En política interior, el hecho más sobresaliente de este reinado fue el inicio de una larga batalla por el poder entre la nueva dinastía, que quería avanzar hacia el autoritarismo, y los estamentos catalanes, que querían consolidar si no ampliar el pactismo imperante. Era ya un viejo debate, agudizado si se quiere por el hecho de que los Trastámaras pisaban un terreno desconocido para ellos, y los estamentos, que quizá pensaban que habían hecho (o consentido) al rey, probablemente esperaban sacar partido de ello.
De hecho, las primeras Cortes del nuevo rey en Cataluña, las de Barcelona de 1412-13, le arrancaron importantes concesiones que pretendían situar el gobierno real del Principado bajo el control de las Cortes o de su emanación, la Diputación del General. Cuando en las Cortes de Tortosa-Montblanc, de 1413-14, los estamentos le plantearon nuevas reivindicaciones quedó claro que Fernando I se enfrentaba a una auténtica ofensiva pactista que pretendía incluso deshacer la política de recuperación patrimonial iniciada por Martín el Humano, independizar relativamente el poder judicial y evitar toda injerencia del monarca en los nuevos conflictos entre señores y campesinos. Alarmado por tales reivindicaciones, el rey disolvió las Cortes sin llegar a ningún acuerdo. Murió dos años más tarde sin haber rehecho el diálogo. Como dice J. Vicens, "detrás de su figura se levantaría pronto el espectro de la guerra civil".
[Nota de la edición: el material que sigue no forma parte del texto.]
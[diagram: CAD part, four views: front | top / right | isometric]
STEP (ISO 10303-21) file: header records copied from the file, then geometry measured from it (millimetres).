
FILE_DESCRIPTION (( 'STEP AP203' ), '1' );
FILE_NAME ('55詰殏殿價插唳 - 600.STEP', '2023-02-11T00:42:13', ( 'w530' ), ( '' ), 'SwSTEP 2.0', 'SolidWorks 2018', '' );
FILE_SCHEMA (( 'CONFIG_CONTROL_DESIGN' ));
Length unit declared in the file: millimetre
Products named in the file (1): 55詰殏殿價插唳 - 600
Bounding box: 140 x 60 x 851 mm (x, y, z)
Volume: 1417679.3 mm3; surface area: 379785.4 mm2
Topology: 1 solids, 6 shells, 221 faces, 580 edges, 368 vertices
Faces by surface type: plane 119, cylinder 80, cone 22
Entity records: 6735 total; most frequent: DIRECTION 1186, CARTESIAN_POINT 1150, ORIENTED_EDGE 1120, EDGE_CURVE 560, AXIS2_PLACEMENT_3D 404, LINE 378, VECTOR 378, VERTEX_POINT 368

El reinado de Fernando I había sido corto; el tiempo justo para tomar contacto con la realidad de la Corona. El de su hijo y sucesor Alfonso el Magnánimo (1416-1458) sería largo y difícil, al menos en lo tocante a sus relaciones con los estamentos catalanes. Jefe del clan Trastámara aragonés, Alfonso tendría que dividir sus esfuerzos entre sus Estados peninsulares, donde siglos de pactismo reducían su capacidad de acción; el Mediterráneo, donde debía defender las posiciones de la Corona y veía posibilidades de desarrollar una acción política propia, y Castilla, donde la familia tenía sólidas posiciones, susceptibles de llevarle a un cierto control del conjunto peninsular. Pero, una vez más, el coste de las ambiciones políticas de la monarquía en el exterior habría de repercutir negativamente en el interior.
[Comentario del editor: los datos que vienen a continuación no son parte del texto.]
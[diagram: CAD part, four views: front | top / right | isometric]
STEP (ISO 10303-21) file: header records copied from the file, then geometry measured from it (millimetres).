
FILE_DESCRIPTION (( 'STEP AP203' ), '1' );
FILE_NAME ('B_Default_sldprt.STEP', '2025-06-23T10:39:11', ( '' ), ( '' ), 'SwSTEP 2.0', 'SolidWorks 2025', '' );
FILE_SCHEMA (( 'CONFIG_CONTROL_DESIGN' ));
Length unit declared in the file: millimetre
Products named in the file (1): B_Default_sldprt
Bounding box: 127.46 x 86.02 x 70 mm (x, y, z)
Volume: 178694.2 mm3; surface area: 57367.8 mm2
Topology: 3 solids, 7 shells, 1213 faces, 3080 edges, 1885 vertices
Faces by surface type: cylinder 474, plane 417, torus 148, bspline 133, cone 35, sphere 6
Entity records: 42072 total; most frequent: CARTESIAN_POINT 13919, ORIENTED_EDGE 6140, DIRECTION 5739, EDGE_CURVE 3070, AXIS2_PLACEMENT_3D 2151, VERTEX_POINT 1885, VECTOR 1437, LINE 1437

El Magnánimo comenzó su reinado convocando Cortes en Barcelona (1416), donde esperaba obtener subsidios para seguir la lucha contra Génova, pero los nobles, descontentos porque la monarquía proseguía su política de recuperación patrimonial, y de autorización de sindicatos remensas, y porque se rodeaba de consejeros castellanos, rehusaron contribuir y, en cambio, reclamaron contra esta política y plantearon un conjunto de reformas constitucionales que el monarca desoyó. Se trasladó entonces a Valencia, donde sus demandas de ayuda para la política mediterránea iban a encontrar mejor respuesta. Dispuesto a partir para Italia, volvió a tener Cortes con los catalanes en Sant Cugat y Tortosa (1419-20), donde, necesitado de dinero para la expedición, cedió a reivindicaciones de la Iglesia, frenó la política de recuperación patrimonial y prometió resolver determinados agravios, a cambio de lo cual recibió un donativo. No obstante, los estamentos querían ir más lejos en la consecución de sus ideales pactistas: querían que los cargos civiles y eclesiásticos se reservaran a los naturales del país, que el consejo real fuera designado con la intervención y aprobación de las Cortes, que la Real Audiencia, creada en el siglo XIV, fuera independiente del monarca y que careciesen de fuerza legal las disposiciones reales contrarias a las leyes de la tierra (usatges y constituciones). Alfonso, que no estaba dispuesto a compartir el poder con las Cortes, disolvió la asamblea y partió hacia Cerdeña. No volvería hasta finales de 1423.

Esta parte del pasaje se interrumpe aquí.